Building Merck's secure healthcare resource portal — navigating extreme legal constraints, migrating the team to Figma, and implementing the Vivid360 design system for the first time in a live product.

Hero Image
Client Merck (Payor Portal / Merck Formulary Resources)
Duration April 2023 – March 2024
My Role Principal Experience Designer
Team 1 design lead, 4 designers, 1 content strategist, 1 tech lead, 1 PM
Industry Healthcare / Pharmaceutical (FDA-regulated)
Key Deliverables Figma migration, Vivid360 design system implementation, portal UI design, legal-compliant delivery

The problem

When a healthcare professional needed information about a Merck drug, the process was absurdly manual: contact a rep, schedule a meeting, sit through a presentation, then wait for a follow-up email with the actual content.

Merck needed a portal that let HCPs browse, request, and access drug resources securely and independently. But healthcare design isn't like other design. The FDA reviews everything. Merck's rapid response legal teams scrutinized every screen weekly. Branded content had to be separated from scientific information. Safety and indication information had to appear wherever a drug claim was made. And full-scale page redesigns could be triggered by a single legal ruling.

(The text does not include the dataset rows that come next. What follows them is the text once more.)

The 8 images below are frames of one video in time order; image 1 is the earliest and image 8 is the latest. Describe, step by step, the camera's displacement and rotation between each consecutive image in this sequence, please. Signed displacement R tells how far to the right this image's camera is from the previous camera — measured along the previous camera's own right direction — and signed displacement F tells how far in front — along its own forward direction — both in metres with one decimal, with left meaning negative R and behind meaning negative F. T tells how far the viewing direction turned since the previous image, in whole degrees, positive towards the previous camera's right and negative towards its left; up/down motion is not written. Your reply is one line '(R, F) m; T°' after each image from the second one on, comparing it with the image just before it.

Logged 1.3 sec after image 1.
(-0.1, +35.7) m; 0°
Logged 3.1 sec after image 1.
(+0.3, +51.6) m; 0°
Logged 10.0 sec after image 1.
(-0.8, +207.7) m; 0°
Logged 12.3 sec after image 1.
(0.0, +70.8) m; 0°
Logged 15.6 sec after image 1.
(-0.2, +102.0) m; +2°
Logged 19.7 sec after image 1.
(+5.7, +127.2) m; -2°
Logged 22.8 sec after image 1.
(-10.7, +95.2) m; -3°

I joined the fully Think-staffed team about 6 months into design. The portal was taking shape, but the team was working in Sketch and InVision, there was no design system alignment, and the process needed structure. I was brought in to fix all three — while also contributing to the design itself.

Problem visualization
85% of Vivid360 design system migrated from Sketch to Figma
Weekly FDA-level legal reviews (RRT) throughout the project
6 mo into design when I joined to restructure tooling and process
1st Merck product to implement the Vivid360 design system

My role

I joined as the most senior designer on the team with a specific mandate: migrate the project to Figma, implement the Vivid360 design system, and bring structure to a process that was starting to strain under legal complexity. But I didn't just focus on systems and tooling — I also took ownership of major portal sections, contributed to the UX design, participated in weekly legal reviews, and built the developer handoff framework.

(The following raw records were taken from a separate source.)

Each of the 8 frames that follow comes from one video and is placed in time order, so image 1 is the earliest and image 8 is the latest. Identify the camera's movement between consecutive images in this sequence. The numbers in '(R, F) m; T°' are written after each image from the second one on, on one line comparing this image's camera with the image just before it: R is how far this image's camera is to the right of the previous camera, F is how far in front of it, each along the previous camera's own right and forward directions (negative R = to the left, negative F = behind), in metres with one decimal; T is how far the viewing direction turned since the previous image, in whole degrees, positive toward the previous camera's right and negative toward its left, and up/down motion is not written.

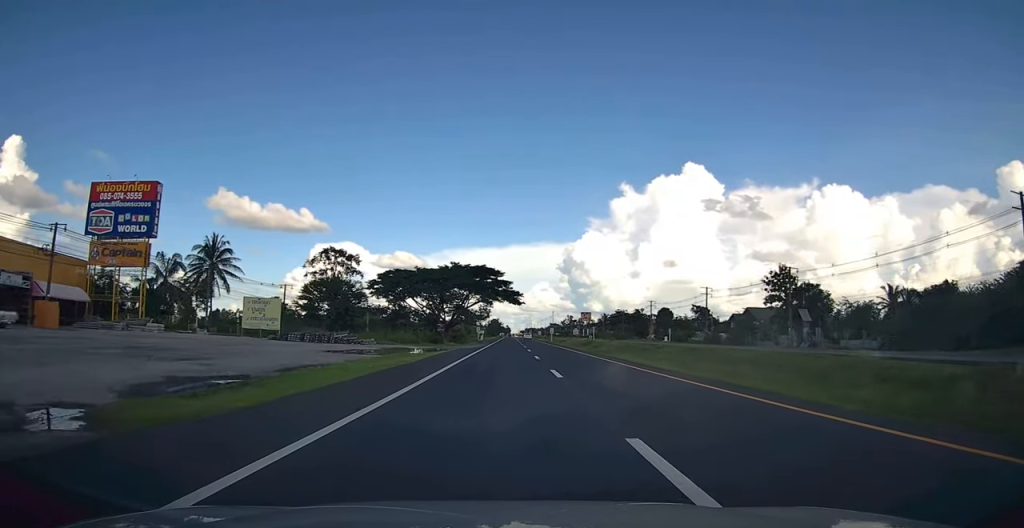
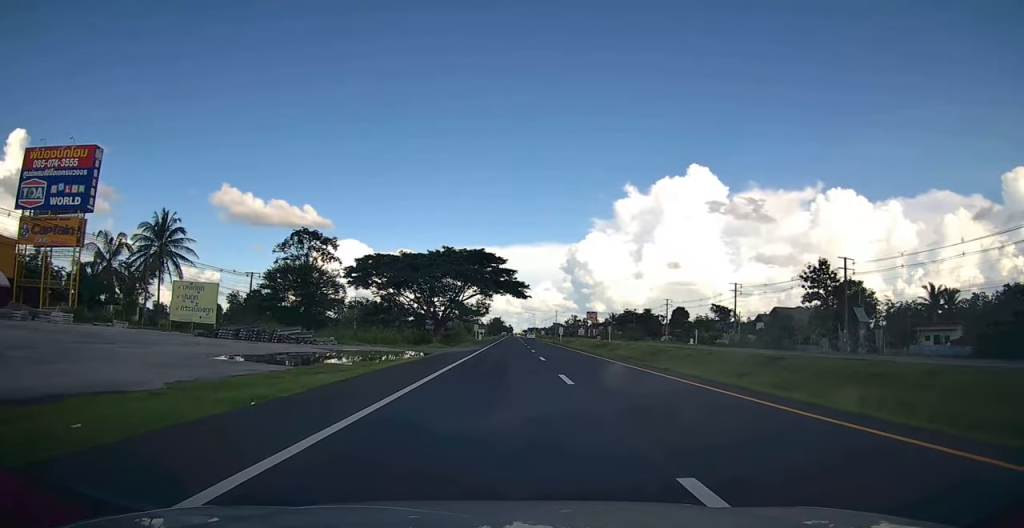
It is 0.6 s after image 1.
(0.0, +13.7) m; -1°
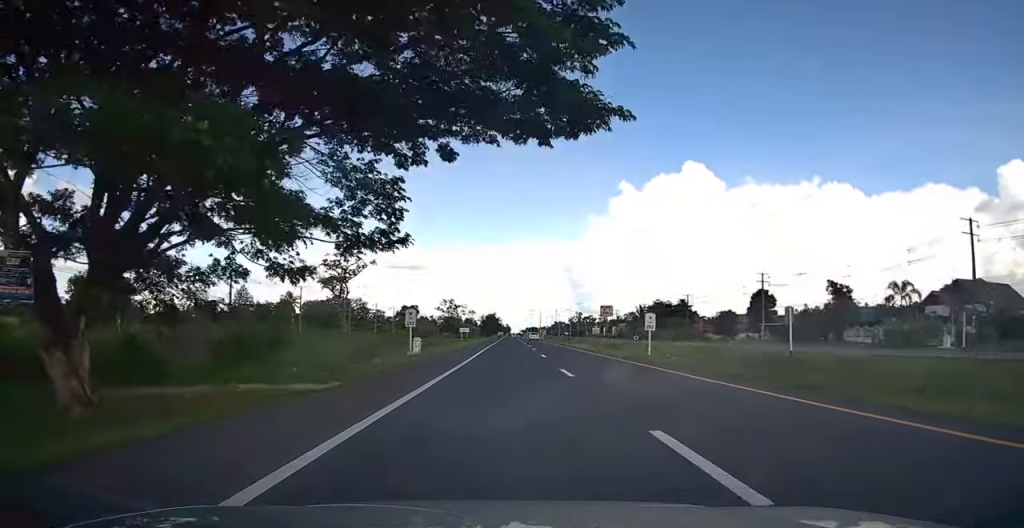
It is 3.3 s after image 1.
(+0.5, +58.1) m; +1°
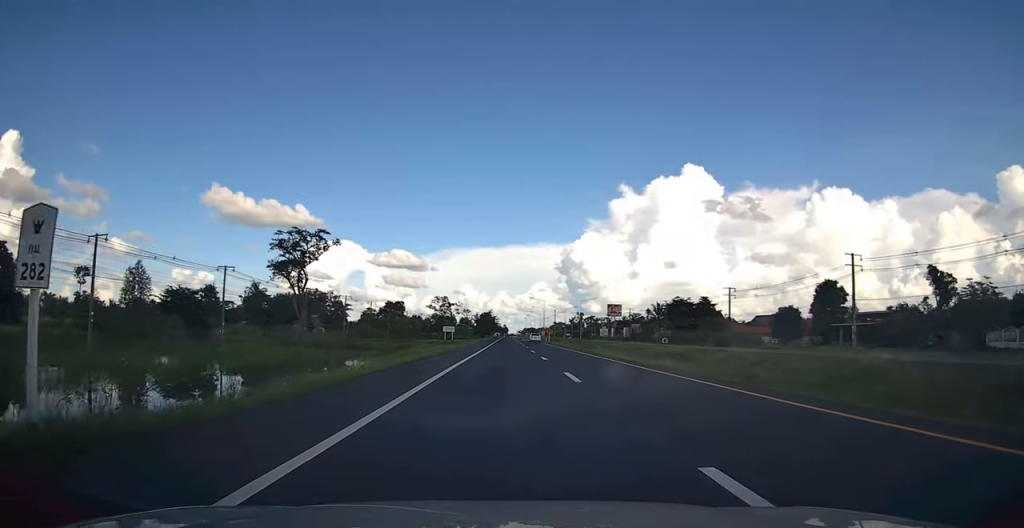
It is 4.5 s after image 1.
(-0.2, +26.1) m; -1°
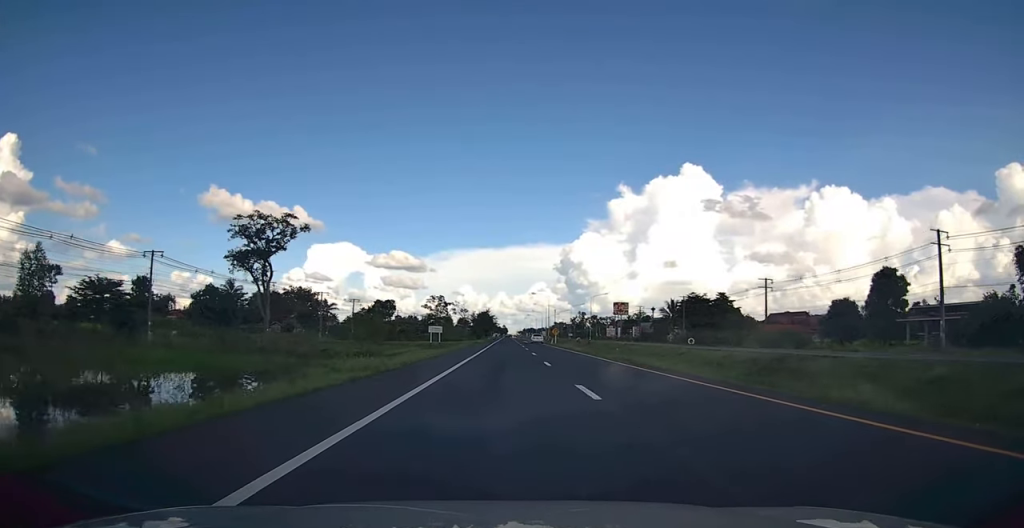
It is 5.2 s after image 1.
(0.0, +15.6) m; 0°
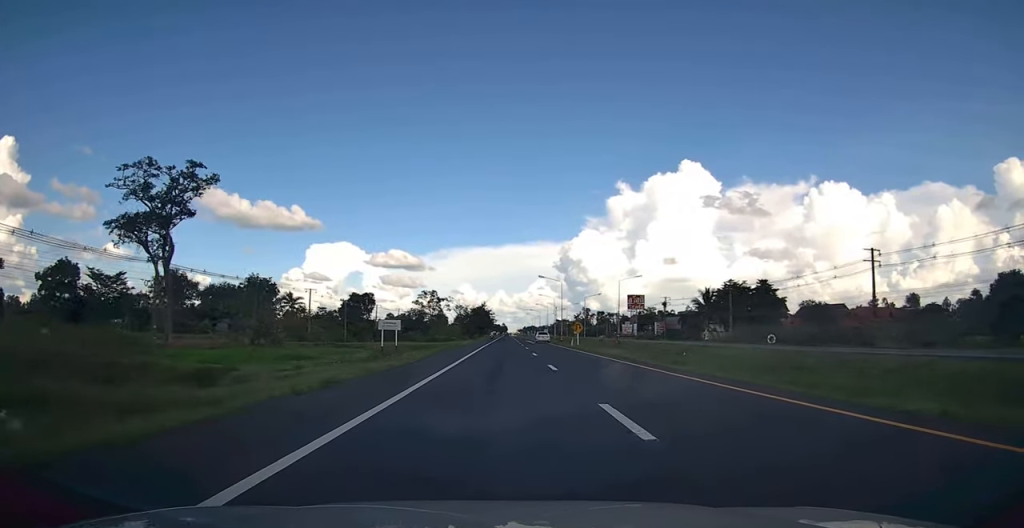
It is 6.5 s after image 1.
(+0.1, +28.7) m; 0°
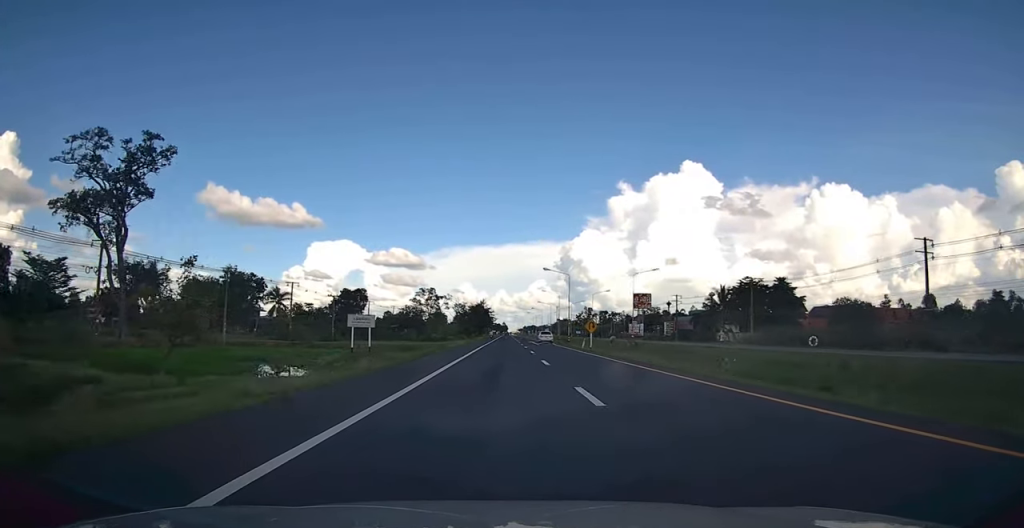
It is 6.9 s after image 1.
(0.0, +9.0) m; 0°
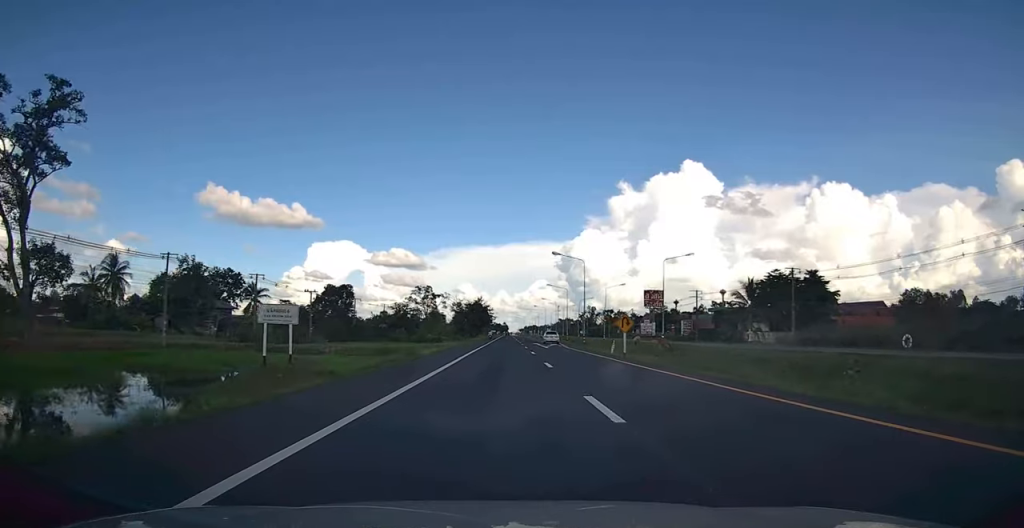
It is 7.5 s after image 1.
(0.0, +13.8) m; 0°

This was the first Merck product to implement Vivid360, which meant I wasn't just consuming a design system — I was proving it could work in production. Every decision I made had implications for how future Merck products would adopt the system.

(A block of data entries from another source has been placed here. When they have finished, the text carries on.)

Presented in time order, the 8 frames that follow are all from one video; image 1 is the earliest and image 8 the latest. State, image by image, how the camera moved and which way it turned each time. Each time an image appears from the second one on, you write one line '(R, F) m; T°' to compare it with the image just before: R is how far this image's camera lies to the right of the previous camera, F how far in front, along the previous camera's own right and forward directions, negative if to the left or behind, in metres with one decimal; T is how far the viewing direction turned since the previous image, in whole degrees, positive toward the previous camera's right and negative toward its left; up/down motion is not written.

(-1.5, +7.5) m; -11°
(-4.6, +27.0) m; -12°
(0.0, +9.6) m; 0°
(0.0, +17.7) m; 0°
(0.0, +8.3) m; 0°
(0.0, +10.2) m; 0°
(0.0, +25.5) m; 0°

Design System Implementation

Independently migrated the entire Vivid360 design system from Sketch to Figma, rebuilding components with auto layout and variants. Then led the team through redesigning all existing pages to align with V360.

Legal Compliance Design

Participated in weekly RRT legal reviews where every screen was scrutinized for FDA compliance. Navigated strict constraints around branded vs. scientific content, safety information, and drug claims.

Portal UX Design

Owned the design of major portal sections — including the dashboard, library, and requests experiences — while collaborating with another designer who owned adjacent sections.

Process & Tooling

Built the Figma file structure, established project organization patterns, ran an OOUX workshop to align design and content strategy, and created the developer handoff framework.

The approach

Phase 1 — Migration & System Alignment

Get the foundation right

Migrated the entire Vivid360 design system from Sketch Cloud to Figma — rebuilding every component to properly leverage auto layout and component variants. Got stakeholder approval to adopt Figma as the primary tool, then led the team through redesigning all existing portal pages to align with V360.

Phase 2 — Structure & Process

Organize the chaos

Built a Figma file structure using "base pages" as master components — enabling instances to flow into prototypes, legal review files, and delivery files from a single source of truth. Ran an OOUX workshop with the content strategist to create a shared visual language between content models and design screens.

Phase 3 — Design & Legal Review

Design within extreme constraints

Designed major portal sections — dashboard, library, and requests — while navigating weekly RRT legal reviews. Balanced user experience goals against FDA compliance requirements, with full-scale redesigns sometimes triggered by a single legal ruling. Every screen had to thread the needle between usability and regulation.

Phase 4 — Delivery & Handoff

Ship with clarity

Built a comprehensive developer handoff system — a table of contents, resource overview, team profiles, and detailed annotations with a global components section. Adapted the handoff framework I'd developed at Comcast Business and improved it for the pharmaceutical context.

Bringing Vivid360 to life

Payor Portal was the first Merck product to implement the Vivid360 design system — which meant I wasn't just using the system, I was proving it could work.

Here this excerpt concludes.